What is being asked ::
This exercise calls for the data below to be retyped exactly, minus any images.

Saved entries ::
::::::::::
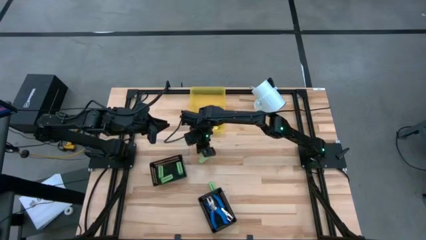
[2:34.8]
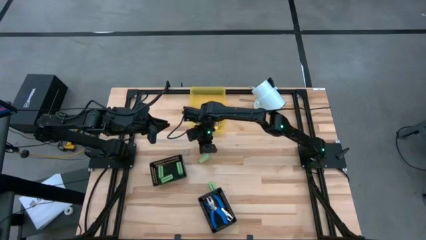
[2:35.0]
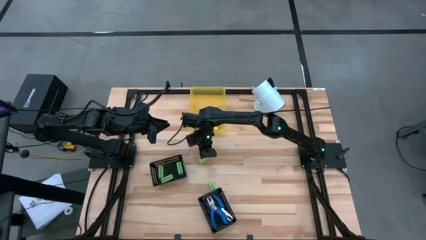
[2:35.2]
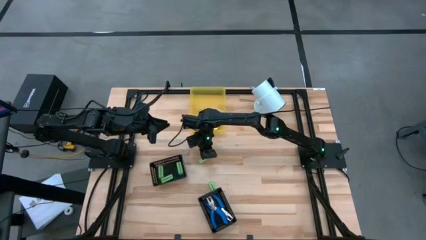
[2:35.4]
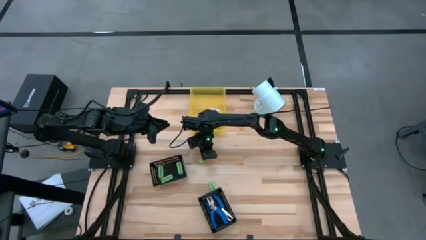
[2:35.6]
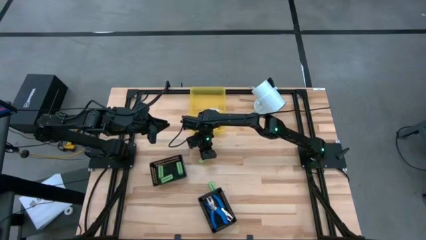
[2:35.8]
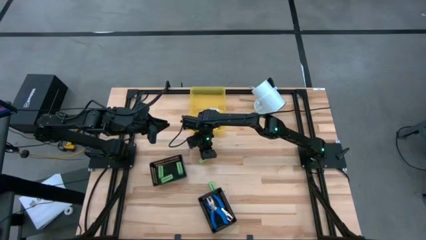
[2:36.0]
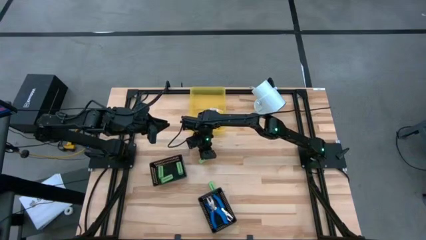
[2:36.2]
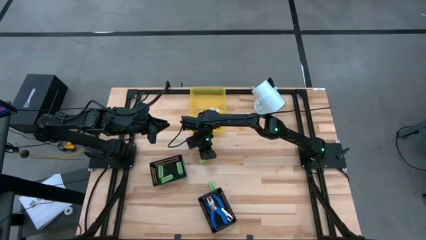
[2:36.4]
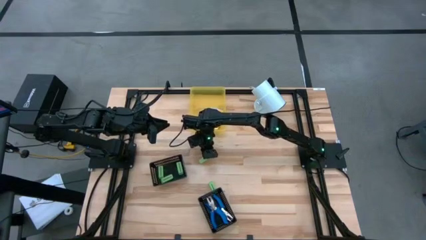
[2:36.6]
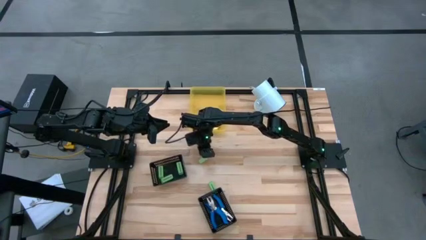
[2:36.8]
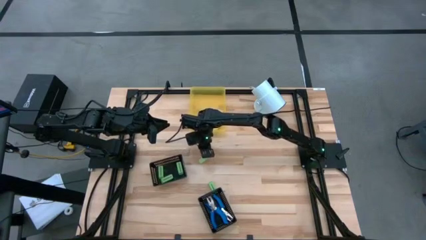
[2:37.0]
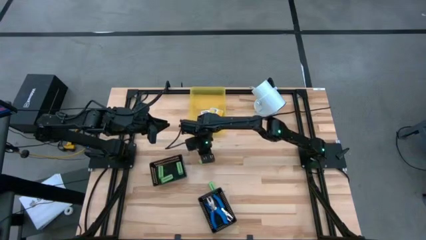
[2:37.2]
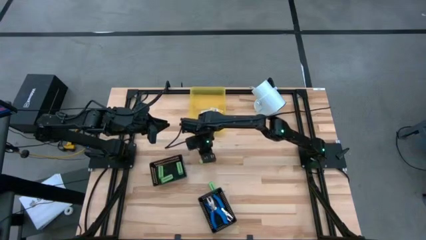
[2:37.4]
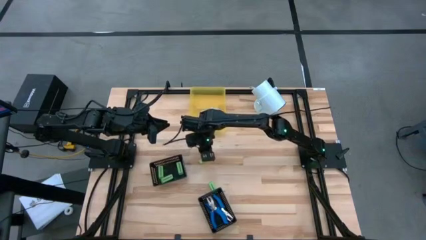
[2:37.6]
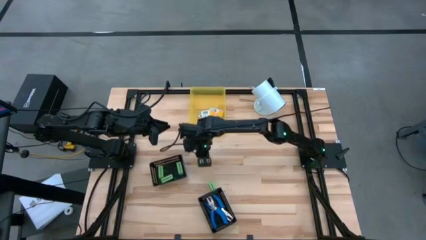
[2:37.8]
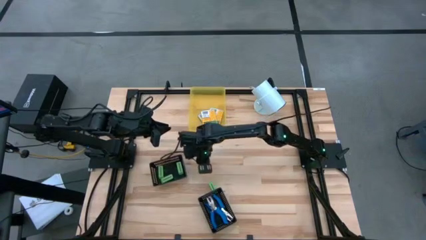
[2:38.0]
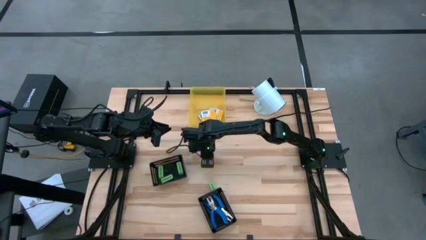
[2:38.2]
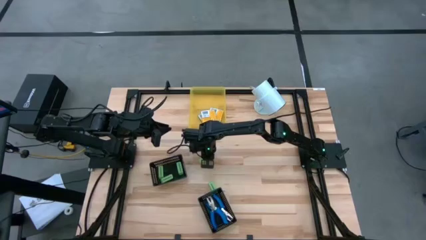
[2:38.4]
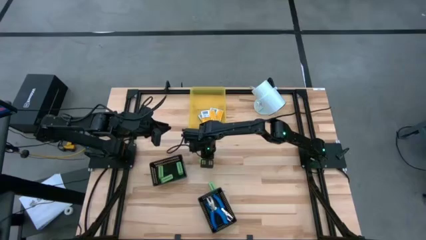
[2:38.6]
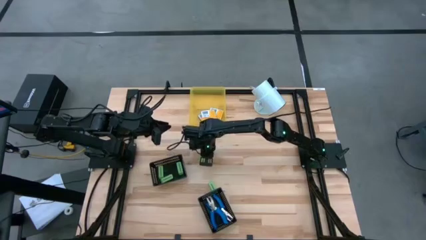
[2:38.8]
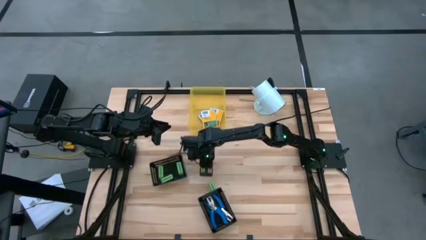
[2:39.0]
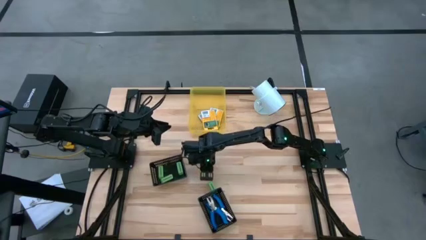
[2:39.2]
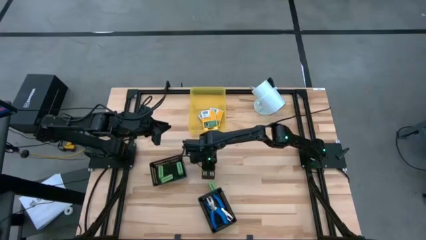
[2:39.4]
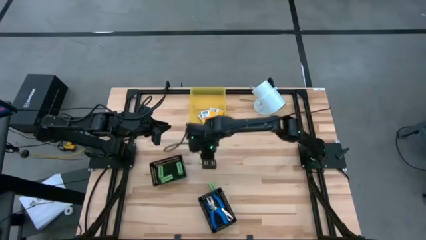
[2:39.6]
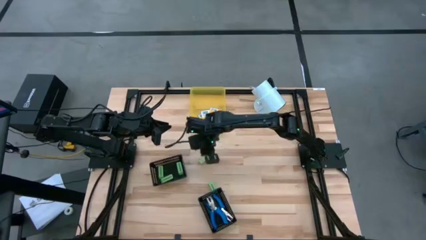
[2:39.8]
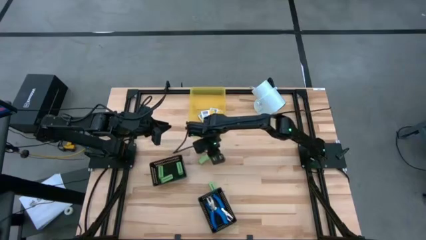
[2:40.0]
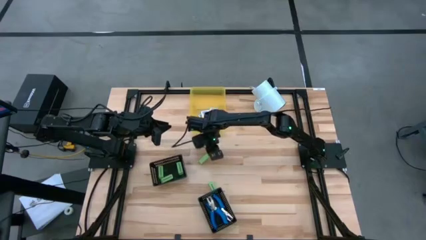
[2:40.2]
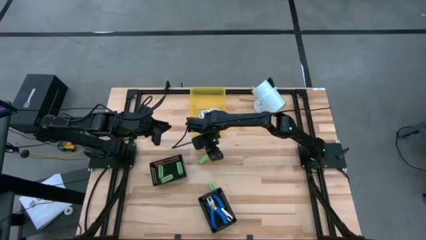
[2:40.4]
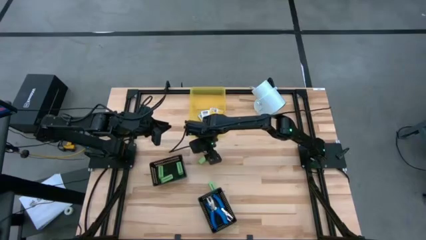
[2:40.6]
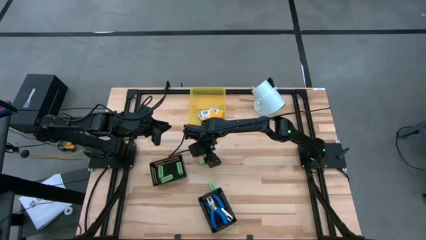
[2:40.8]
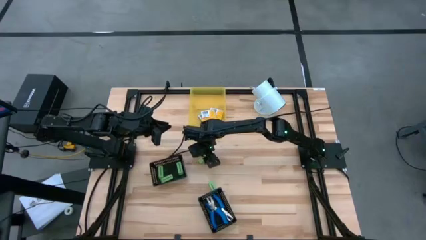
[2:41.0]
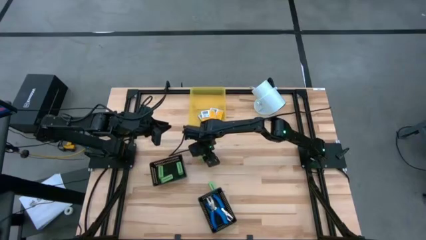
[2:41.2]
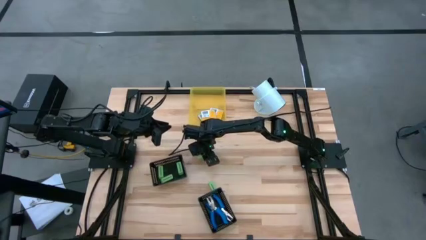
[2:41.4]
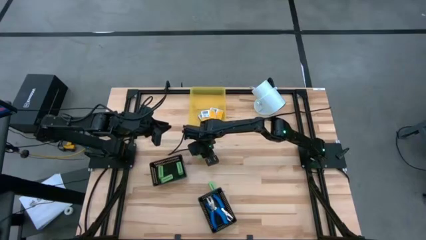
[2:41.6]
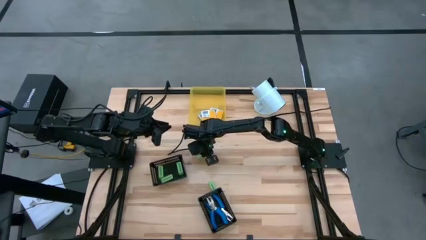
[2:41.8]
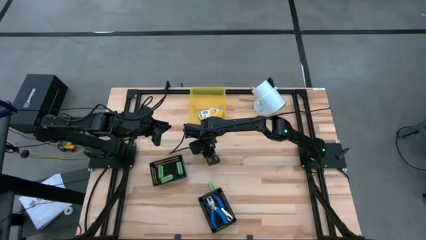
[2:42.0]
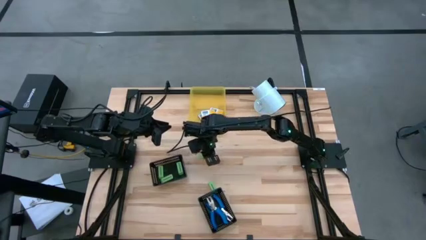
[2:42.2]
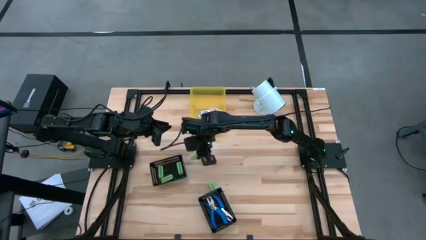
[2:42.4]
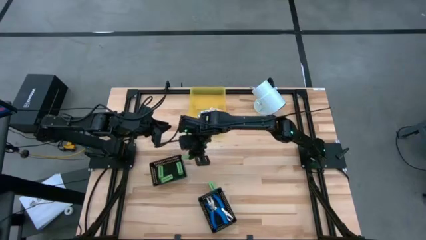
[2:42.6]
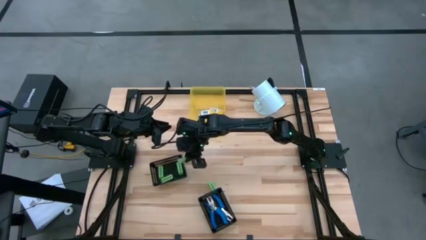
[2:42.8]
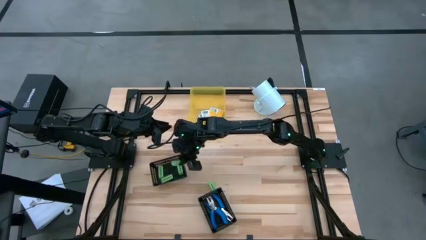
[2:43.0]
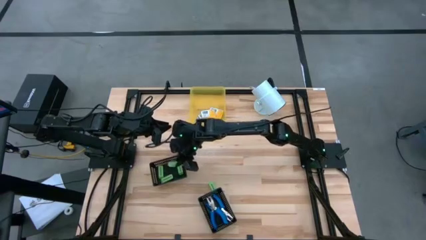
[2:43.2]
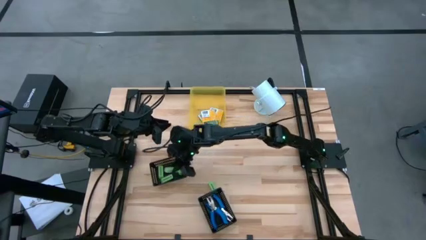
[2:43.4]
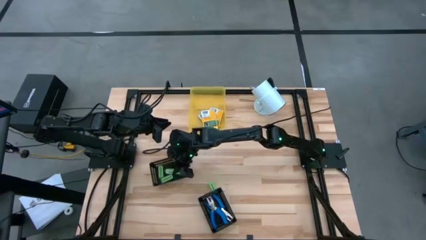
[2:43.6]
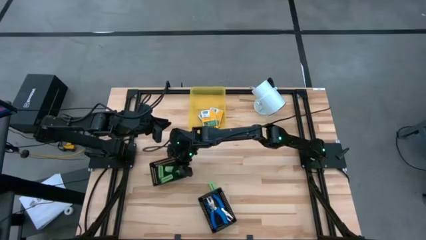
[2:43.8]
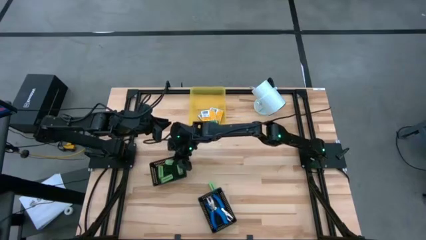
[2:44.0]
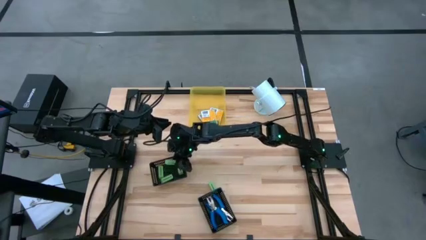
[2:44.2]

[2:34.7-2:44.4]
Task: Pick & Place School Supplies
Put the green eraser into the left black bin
::::::::::
Answer to this exercise ::
[2:34.8]
[2:35.0]
[2:35.2]
[2:35.4]
[2:35.6]
[2:35.8]
[2:36.0]
[2:36.2]
[2:36.4]
[2:36.6]
[2:36.8]
[2:37.0]
[2:37.2]
[2:37.4]
[2:37.6]
[2:37.8]
[2:38.0]
[2:38.2]
[2:38.4]
[2:38.6]
[2:38.8]
[2:39.0]
[2:39.2]
[2:39.4]
[2:39.6]
[2:39.8]
[2:40.0]
[2:40.2]
[2:40.4]
[2:40.6]
[2:40.8]
[2:41.0]
[2:41.2]
[2:41.4]
[2:41.6]
[2:41.8]
[2:42.0]
[2:42.2]
[2:42.4]
[2:42.6]
[2:42.8]
[2:43.0]
[2:43.2]
[2:43.4]
[2:43.6]
[2:43.8]
[2:44.0]
[2:44.2]

[2:34.7-2:44.4]
Task: Pick & Place School Supplies
Put the green eraser into the left black bin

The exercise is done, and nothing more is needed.